**YOUR TASK**
From the first line to the last, retype the records exactly without their images.

Dataset entries

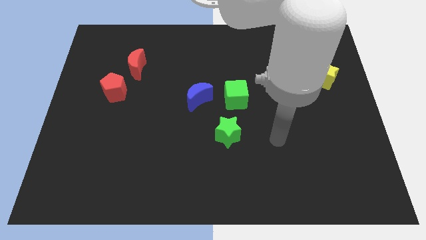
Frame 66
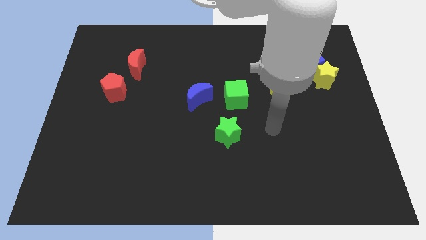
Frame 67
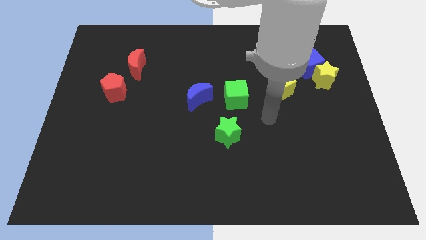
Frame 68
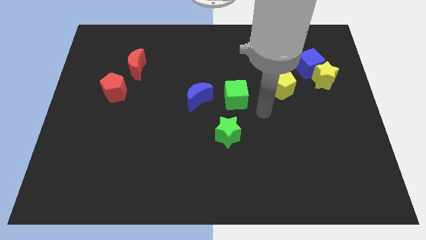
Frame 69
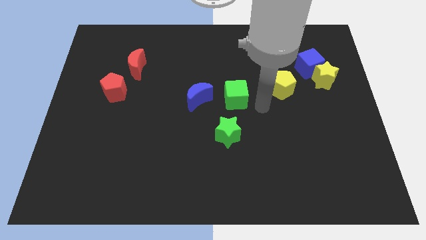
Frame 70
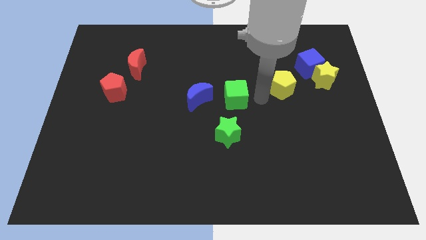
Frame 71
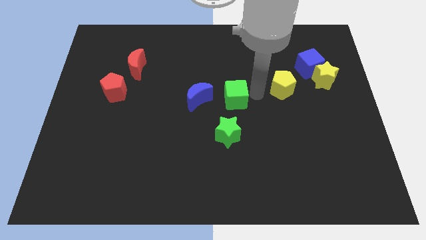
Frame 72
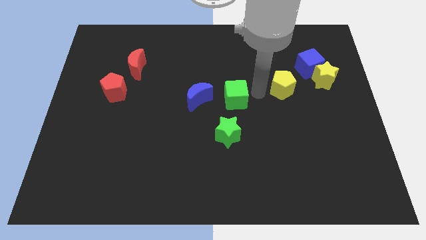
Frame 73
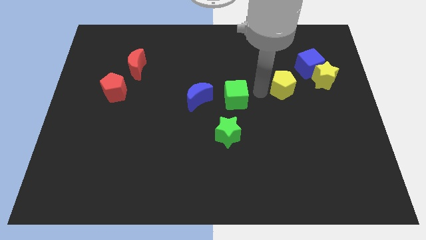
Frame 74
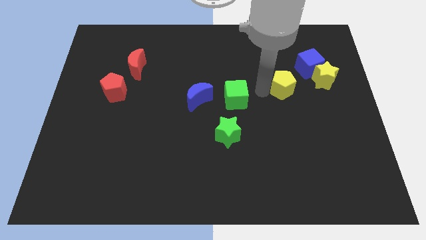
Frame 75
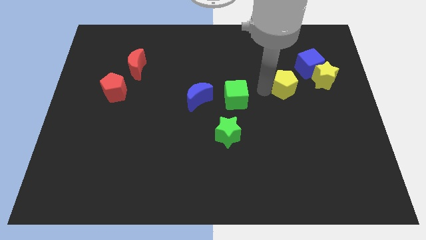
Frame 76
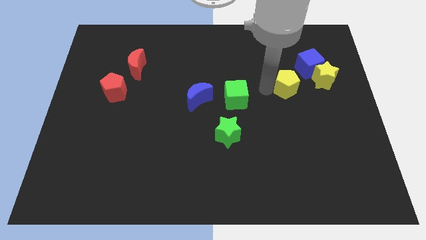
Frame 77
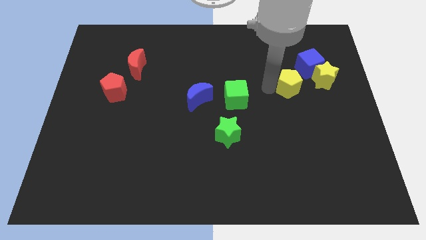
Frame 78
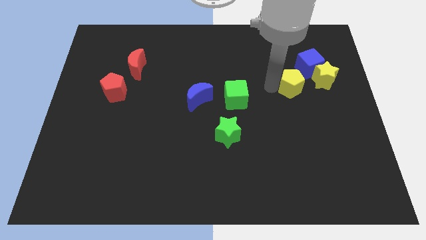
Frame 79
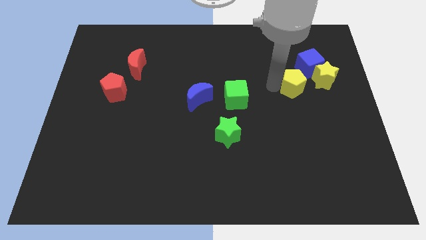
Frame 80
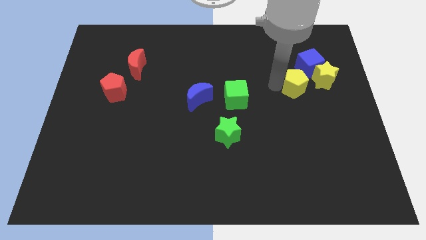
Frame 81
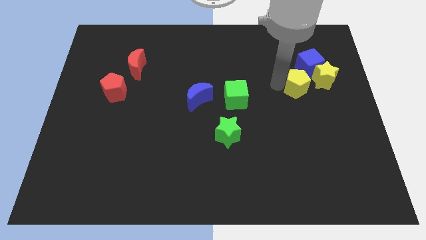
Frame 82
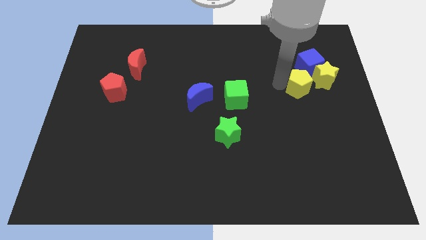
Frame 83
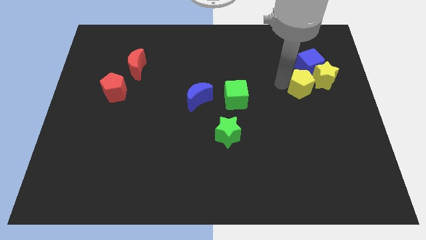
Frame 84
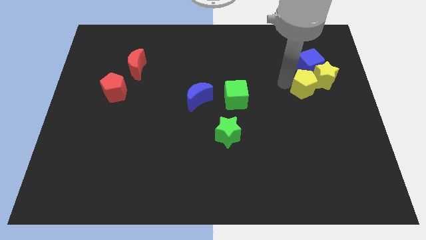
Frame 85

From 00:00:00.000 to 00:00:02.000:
move the yellow pentagon next to the yellow star

**COMPLETED TASK**
Frame 66
Frame 67
Frame 68
Frame 69
Frame 70
Frame 71
Frame 72
Frame 73
Frame 74
Frame 75
Frame 76
Frame 77
Frame 78
Frame 79
Frame 80
Frame 81
Frame 82
Frame 83
Frame 84
Frame 85

From 00:00:00.000 to 00:00:02.000:
move the yellow pentagon next to the yellow star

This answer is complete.